An objective of the newly established senior-level Sino-U.S. global dialogues in tandem with the Bush administration’s strengthened relationships with Japan, Australia and India is to shape China’s choices so as to steer it toward integration with the existing status quo rather than challenging the existing order. Notably, China is for the first time developing a capacity to shape the regional context and choices the United States must make as well ― for example, the Shanghai Cooperation Organization’s critique of a U.S. presence in Central Asia and Uzbekistan’s subsequent demand that the United States vacate within six months an important air base that had provided critical support for the war on terror in Afghanistan.
The relationship will not develop as a second Cold War. The intensity of Sino-U.S. economic interdependence is very different from the U.S.-Soviet confrontation, where there was an all-out economic and political competition. Even with the American development of a missile defense system, China will maintain its limited deterrent without resorting to a nuclear arms race. However, both militaries are planning for a potential conflict over Taiwan despite the catastrophic costs that would arise from such a war.
Rather, the greater long-term threat to the United States might be that China’s exploding consumer market would displace the United States as the global market of last resort. Could China beat the United States at the game of capitalism? It remains to be seen whether China and the United States will successfully manage economic conflicts in a relationship on which the health of the global economy now depends.
South Korea clearly benefits from relative harmony in Sino-U.S. relations, especially given the fact that South Korea has depended on China as an engine for economic growth while relying on the alliance with the United States for its security. Some may wonder whether these two relationships may eventually come into conflict. For instance, what choices would South Korea face if China pushes alternative security arrangements as a challenge to the American-led bilateral alliance system?

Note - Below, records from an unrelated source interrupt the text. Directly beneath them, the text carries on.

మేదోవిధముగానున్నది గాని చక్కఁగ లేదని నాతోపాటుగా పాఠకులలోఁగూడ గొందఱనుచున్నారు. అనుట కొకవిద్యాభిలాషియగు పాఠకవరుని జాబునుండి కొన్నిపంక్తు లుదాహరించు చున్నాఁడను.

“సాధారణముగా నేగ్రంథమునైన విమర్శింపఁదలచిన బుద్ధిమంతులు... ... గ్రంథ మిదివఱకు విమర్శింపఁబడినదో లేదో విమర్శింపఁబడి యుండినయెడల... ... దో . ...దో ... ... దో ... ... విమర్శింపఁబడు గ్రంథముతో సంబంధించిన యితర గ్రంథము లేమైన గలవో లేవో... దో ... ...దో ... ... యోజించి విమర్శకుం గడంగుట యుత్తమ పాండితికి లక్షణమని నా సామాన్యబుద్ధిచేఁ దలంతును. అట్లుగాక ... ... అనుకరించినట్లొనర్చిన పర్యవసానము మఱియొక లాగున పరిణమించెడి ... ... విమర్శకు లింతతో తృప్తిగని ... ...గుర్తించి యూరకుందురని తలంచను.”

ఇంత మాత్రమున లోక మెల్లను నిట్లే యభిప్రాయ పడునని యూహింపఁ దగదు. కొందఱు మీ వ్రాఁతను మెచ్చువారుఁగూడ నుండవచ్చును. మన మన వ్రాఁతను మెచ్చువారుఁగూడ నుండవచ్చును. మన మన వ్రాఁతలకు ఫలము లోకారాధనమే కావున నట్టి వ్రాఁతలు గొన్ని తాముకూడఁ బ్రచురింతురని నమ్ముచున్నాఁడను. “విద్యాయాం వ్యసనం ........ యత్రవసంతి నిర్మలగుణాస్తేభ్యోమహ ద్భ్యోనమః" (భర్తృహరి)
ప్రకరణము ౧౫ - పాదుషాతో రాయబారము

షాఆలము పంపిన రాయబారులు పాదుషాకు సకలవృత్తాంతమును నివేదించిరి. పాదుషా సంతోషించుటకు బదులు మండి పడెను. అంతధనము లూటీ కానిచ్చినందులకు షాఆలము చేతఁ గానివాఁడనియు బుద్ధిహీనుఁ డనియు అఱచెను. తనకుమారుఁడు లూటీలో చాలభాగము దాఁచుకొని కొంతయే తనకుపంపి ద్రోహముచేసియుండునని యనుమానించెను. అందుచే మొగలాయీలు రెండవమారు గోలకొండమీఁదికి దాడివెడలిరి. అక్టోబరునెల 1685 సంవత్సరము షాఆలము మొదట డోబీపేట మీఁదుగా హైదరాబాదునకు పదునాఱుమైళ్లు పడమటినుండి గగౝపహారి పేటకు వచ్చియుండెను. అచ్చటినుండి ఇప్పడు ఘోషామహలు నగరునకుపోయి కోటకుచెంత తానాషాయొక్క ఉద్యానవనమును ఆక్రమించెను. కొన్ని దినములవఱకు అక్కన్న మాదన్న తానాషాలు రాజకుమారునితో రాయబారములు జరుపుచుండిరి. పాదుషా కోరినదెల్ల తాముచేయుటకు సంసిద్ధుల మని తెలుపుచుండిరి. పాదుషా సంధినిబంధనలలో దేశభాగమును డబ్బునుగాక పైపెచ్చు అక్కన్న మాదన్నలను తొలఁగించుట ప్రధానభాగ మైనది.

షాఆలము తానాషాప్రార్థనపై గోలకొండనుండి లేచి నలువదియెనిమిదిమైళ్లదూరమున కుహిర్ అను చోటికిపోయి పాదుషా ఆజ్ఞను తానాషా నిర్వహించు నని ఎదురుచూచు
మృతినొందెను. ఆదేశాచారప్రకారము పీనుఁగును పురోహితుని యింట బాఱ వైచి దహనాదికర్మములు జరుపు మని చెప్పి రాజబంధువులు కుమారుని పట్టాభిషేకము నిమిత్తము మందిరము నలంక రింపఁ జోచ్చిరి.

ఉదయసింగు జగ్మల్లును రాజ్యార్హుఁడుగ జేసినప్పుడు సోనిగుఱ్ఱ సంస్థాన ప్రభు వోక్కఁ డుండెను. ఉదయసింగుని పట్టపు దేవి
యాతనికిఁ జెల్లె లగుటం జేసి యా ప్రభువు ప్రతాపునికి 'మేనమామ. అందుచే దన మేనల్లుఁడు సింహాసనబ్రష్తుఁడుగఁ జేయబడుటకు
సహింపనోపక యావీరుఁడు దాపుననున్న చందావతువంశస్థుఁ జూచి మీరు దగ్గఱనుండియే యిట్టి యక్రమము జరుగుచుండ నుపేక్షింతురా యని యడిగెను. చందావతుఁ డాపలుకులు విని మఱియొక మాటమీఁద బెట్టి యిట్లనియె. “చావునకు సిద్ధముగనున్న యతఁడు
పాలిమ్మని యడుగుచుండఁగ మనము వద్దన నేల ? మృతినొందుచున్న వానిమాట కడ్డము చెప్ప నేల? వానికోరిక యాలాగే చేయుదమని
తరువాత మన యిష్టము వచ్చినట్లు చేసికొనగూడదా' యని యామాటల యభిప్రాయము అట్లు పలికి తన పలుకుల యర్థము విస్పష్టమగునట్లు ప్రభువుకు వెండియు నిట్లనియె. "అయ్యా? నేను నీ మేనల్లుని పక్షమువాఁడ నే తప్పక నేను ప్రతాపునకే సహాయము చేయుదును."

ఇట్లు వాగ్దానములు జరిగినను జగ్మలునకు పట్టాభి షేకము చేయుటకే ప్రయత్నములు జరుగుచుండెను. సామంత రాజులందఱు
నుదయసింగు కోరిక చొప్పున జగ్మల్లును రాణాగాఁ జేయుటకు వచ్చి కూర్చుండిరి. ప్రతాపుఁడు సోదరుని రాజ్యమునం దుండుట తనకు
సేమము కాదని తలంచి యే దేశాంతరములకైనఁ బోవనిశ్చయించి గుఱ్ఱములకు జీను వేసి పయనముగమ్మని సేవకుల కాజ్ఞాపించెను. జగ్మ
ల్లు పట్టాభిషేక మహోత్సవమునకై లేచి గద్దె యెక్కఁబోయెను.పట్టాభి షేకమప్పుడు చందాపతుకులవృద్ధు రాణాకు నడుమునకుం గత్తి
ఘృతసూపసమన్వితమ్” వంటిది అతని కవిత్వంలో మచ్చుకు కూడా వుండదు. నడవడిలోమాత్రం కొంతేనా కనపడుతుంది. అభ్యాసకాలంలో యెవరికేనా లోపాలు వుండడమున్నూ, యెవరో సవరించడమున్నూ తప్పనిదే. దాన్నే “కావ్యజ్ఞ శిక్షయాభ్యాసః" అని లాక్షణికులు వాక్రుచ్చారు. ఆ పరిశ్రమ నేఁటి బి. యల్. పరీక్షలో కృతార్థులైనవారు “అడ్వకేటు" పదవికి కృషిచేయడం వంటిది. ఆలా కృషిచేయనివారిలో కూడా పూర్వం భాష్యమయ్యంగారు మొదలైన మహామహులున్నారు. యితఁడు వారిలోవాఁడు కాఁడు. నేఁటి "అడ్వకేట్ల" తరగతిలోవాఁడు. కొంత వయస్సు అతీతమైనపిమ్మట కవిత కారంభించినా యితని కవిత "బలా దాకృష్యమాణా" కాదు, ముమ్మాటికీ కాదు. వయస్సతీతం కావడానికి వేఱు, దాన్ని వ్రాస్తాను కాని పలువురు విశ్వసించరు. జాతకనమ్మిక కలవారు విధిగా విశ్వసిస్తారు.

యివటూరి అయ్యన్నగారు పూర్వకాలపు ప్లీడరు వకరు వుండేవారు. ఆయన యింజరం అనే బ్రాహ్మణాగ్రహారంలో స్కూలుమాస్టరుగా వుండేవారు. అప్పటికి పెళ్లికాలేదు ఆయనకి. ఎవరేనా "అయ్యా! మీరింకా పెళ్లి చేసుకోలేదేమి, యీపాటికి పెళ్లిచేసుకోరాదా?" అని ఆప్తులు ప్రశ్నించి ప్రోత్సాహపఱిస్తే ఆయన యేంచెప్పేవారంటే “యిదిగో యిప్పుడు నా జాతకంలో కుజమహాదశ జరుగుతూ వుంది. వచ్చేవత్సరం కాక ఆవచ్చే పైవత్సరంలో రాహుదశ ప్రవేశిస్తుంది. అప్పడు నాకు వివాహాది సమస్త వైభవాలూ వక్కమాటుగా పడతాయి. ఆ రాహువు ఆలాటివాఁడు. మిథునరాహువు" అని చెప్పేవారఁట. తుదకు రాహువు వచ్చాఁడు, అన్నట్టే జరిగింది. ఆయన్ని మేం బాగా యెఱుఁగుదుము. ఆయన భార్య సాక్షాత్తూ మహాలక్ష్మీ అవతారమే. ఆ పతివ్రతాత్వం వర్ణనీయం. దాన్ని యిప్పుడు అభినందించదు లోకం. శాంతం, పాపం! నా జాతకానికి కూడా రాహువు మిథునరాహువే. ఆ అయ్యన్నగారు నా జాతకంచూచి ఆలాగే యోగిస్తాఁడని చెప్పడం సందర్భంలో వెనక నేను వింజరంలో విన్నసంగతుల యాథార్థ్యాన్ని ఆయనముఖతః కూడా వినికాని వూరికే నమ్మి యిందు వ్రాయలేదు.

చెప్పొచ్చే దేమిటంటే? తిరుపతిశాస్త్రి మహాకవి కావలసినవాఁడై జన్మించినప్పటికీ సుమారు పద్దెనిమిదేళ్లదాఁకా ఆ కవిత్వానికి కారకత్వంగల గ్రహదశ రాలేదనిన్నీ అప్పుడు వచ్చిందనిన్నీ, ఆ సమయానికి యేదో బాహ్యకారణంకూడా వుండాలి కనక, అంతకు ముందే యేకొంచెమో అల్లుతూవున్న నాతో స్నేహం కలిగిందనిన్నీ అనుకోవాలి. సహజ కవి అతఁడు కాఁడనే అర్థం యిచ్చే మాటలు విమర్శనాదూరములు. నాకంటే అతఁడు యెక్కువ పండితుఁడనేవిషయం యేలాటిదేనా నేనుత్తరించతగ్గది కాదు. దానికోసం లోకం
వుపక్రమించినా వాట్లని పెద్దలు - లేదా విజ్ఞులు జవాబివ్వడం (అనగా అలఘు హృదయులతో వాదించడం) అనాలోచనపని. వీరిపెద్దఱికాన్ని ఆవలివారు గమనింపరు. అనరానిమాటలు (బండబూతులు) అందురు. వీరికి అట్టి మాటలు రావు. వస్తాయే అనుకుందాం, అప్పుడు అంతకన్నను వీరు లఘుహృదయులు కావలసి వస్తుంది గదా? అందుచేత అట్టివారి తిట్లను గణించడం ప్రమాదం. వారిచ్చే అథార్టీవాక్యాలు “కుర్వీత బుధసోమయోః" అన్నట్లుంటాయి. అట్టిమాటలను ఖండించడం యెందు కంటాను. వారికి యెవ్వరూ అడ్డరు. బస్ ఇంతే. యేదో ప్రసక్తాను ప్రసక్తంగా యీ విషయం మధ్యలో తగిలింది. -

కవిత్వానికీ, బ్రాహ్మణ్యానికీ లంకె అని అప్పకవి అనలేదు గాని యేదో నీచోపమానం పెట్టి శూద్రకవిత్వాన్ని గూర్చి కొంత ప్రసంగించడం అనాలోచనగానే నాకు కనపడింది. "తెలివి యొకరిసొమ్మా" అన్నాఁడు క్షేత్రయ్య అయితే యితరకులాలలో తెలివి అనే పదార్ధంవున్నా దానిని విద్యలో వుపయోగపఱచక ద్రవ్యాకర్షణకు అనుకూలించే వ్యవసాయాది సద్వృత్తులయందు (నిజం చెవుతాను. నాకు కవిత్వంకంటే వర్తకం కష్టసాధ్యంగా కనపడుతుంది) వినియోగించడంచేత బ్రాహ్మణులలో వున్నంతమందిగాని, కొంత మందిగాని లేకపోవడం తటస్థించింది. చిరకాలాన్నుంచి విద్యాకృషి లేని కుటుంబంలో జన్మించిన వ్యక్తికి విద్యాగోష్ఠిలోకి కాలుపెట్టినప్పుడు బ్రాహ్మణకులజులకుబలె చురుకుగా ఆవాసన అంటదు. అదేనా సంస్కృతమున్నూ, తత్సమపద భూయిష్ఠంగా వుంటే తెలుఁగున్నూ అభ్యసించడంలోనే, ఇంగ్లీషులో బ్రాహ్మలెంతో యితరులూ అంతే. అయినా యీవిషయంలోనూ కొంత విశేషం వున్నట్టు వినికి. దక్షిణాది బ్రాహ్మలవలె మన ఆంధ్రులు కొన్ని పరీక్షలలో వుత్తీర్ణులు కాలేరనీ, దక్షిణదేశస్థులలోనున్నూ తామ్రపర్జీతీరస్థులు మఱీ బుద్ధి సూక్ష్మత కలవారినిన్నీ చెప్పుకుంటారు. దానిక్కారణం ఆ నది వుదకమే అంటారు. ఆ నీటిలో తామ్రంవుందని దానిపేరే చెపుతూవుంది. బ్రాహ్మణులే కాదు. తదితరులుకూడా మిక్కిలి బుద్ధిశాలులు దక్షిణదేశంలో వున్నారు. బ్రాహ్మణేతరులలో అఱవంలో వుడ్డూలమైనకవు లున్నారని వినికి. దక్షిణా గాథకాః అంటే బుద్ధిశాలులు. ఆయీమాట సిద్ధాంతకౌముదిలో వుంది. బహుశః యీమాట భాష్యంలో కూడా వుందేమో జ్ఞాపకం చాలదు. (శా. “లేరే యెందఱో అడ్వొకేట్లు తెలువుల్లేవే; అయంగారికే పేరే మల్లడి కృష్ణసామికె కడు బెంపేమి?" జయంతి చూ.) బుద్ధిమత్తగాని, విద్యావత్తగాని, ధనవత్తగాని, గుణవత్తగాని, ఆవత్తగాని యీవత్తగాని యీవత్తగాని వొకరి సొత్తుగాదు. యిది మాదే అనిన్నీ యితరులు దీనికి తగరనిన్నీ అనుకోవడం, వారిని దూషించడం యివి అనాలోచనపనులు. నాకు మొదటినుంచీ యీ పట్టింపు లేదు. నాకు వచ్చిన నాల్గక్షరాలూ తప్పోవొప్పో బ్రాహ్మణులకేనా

Few consider, however, that just as a downturn in the U.S.-China relationship would present South Korea with unpalatable choices, too much cooperation between the United States and China, i.e., a concert of powers, might also constrain Korean choices. For instance, it appeared to some observers in early 2003 that the United States might bypass Seoul to deal primarily with China as the key to solving the North Korea issue. Interestingly, it was Kim Jong-il’s decision to include the nuclear issue as part of North-South relations in his conversations with South Korean Unification Minister Chung Dong-young last June that empowered South Korea to play a more active role in the latest round of six-party talks.
The North Korean nuclear issue will no doubt be near the top of the Bush-Hu agenda. The immediate challenge and opportunity will be whether Mr. Hu can find a way to use summit diplomacy with both Mr. Bush and Kim Jong-il to advance a consensus on how to achieve North Korea;s denuclearization. Despite a near-term U.S.-China coincidence of views, however, the respective long-term visions of the United States and China toward the Korean Peninsula may conflict, making South Korea’s high-wire balancing act between the United States and China even more difficult in the future.

* The writer is a senior associate at the Asia Foundation and Pacific Forum CSIS. The views expressed here are personal views.